Single-strand annealing between inverted DNA repeats: Pathway choice, participating proteins, and genome destabilizing consequences

Double strand DNA breaks (DSBs) are dangerous events that can result from various causes including environmental assaults or the collapse of DNA replication. While the efficient and precise repair of DSBs is essential for cell survival, faulty repair can lead to genetic instability, making the choice of DSB repair an important step. Here we report that inverted DNA repeats (IRs) placed near a DSB can channel its repair from an accurate pathway that leads to gene conversion to instead a break-induced replication (BIR) pathway that leads to genetic instabilities. The effect of IRs is explained by their ability to form unusual DNA structures when present in ssDNA that is formed by DSB resection. We demonstrate that IRs can form two types of unusual DNA structures, and the choice between these structures depends on the length of the spacer separating IRs. In particular, IRs separated by a long (1-kb) spacer are predominantly involved in inter-molecular single-strand annealing (SSA) leading to the formation of inverted dimers; IRs separated by a short (12-bp) spacer participate in intra-molecular SSA, leading to the formation of fold-back (FB) structures. Both of these structures interfere with an accurate DSB repair by gene conversion and channel DSB repair into BIR, which promotes genomic destabilization. We also report that different protein complexes participate in the processing of FBs containing short (12-bp) versus long (1-kb) ssDNA loops.

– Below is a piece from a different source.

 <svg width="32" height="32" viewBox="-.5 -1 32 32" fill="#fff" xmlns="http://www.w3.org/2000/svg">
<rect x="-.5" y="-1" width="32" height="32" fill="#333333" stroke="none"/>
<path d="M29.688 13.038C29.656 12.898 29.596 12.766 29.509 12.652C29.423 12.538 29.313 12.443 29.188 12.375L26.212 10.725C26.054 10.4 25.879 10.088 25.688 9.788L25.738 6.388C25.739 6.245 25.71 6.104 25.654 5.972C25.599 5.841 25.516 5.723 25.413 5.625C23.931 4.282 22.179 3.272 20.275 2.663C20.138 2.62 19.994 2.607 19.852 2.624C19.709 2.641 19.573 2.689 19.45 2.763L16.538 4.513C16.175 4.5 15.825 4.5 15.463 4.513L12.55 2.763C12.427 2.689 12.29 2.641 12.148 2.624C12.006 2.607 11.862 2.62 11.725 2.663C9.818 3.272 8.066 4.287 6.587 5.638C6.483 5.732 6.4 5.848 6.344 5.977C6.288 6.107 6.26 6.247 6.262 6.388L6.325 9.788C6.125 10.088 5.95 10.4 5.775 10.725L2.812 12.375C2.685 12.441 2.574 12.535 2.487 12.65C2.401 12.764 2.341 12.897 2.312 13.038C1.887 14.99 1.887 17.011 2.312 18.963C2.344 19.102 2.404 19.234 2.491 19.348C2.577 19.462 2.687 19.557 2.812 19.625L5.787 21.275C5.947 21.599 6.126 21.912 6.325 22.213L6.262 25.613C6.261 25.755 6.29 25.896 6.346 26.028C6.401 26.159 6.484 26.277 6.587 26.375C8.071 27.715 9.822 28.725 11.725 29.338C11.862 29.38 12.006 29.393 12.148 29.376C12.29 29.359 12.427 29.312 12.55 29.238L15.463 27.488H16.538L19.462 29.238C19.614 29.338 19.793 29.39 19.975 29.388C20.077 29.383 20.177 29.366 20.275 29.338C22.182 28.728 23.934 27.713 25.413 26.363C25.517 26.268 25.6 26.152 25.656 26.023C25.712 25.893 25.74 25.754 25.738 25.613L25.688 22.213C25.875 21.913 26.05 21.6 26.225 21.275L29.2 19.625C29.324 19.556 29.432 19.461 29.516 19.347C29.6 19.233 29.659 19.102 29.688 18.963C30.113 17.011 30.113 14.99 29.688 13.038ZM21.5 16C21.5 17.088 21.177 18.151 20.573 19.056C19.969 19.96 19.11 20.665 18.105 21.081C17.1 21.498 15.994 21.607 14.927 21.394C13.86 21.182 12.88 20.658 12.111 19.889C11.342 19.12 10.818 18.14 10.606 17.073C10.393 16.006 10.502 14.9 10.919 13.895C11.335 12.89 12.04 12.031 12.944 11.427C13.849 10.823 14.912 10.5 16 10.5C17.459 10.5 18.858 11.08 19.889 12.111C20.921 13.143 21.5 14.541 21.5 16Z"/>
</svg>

Specifically, FBs with short loops are processed by the MRX-Sae2 complex, whereas the Rad1-Rad10 complex is responsible for the processing of long loops. Overall, our studies uncover the mechanisms of genomic destabilization resulting from re-routing DSB repair into unusual pathways by IRs. Given the high abundance of IRs in the human genome, our findings may contribute to the understanding of IR-mediated genomic destabilization associated with human disease.

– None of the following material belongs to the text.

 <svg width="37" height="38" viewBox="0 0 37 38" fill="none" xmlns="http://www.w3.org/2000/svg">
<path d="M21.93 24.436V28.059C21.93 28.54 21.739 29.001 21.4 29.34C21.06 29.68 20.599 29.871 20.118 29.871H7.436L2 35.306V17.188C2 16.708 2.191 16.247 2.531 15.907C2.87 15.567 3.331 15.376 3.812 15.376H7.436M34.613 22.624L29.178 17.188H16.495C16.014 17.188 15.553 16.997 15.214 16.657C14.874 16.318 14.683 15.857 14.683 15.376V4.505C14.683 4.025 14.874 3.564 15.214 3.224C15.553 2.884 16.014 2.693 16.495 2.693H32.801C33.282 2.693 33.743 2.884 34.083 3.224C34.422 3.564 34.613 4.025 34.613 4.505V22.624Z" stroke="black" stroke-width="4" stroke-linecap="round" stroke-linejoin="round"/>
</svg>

双链DNA断裂（double strand DNA breaks, DSBs）是一类危险的基因组事件，可由多种因素诱发，包括环境诱变损伤或DNA复制叉崩溃。尽管高效且精准的双链DNA断裂修复对细胞存活至关重要，但错误的修复会引发基因组不稳定性（genetic instability），因此双链DNA断裂修复路径的选择是关键步骤。 本研究发现，位于双链DNA断裂位点附近的反向重复序列（inverted DNA repeats，IRs）可将原本通过精准路径——基因转换（gene conversion）——进行的断裂修复，引导至断裂诱导复制（break-induced replication，BIR）路径，进而引发基因组不稳定。 反向重复序列的这一效应，源于其在双链DNA断裂切除过程中形成的单链DNA（single-stranded DNA，ssDNA）中能够形成异常DNA结构的能力。 本研究证实，反向重复序列可形成两类异常DNA结构，二者的选择取决于分隔两个反向重复序列的间隔序列长度。 具体而言，带有长间隔序列（1 kb）的反向重复序列，主要通过分子间单链退火（inter-molecular single-strand annealing，SSA）路径形成反向二聚体；而带有短间隔序列（12 bp）的反向重复序列，则通过分子内单链退火（intra-molecular single-strand annealing，SSA）参与形成折返结构（fold-back，FB）。 这两类异常结构均会干扰通过基因转换进行的精准双链DNA断裂修复，并将修复路径引导至断裂诱导复制，进而促进基因组不稳定。 本研究同时发现，处理带有短（12 bp）与长（1 kb）单链DNA环的折返结构时，所需的蛋白质复合物存在差异。 具体而言，带有短单链DNA环的折返结构由MRX-Sae2复合物负责加工，而带有长单链DNA环的折返结构则由Rad1-Rad10复合物介导加工。 综上，本研究揭示了反向重复序列通过重定向双链DNA断裂修复至异常路径，进而引发基因组不稳定的具体机制。 鉴于人类基因组中反向重复序列分布广泛，本研究结果有助于理解由反向重复序列介导的、与人类疾病相关的基因组不稳定现象。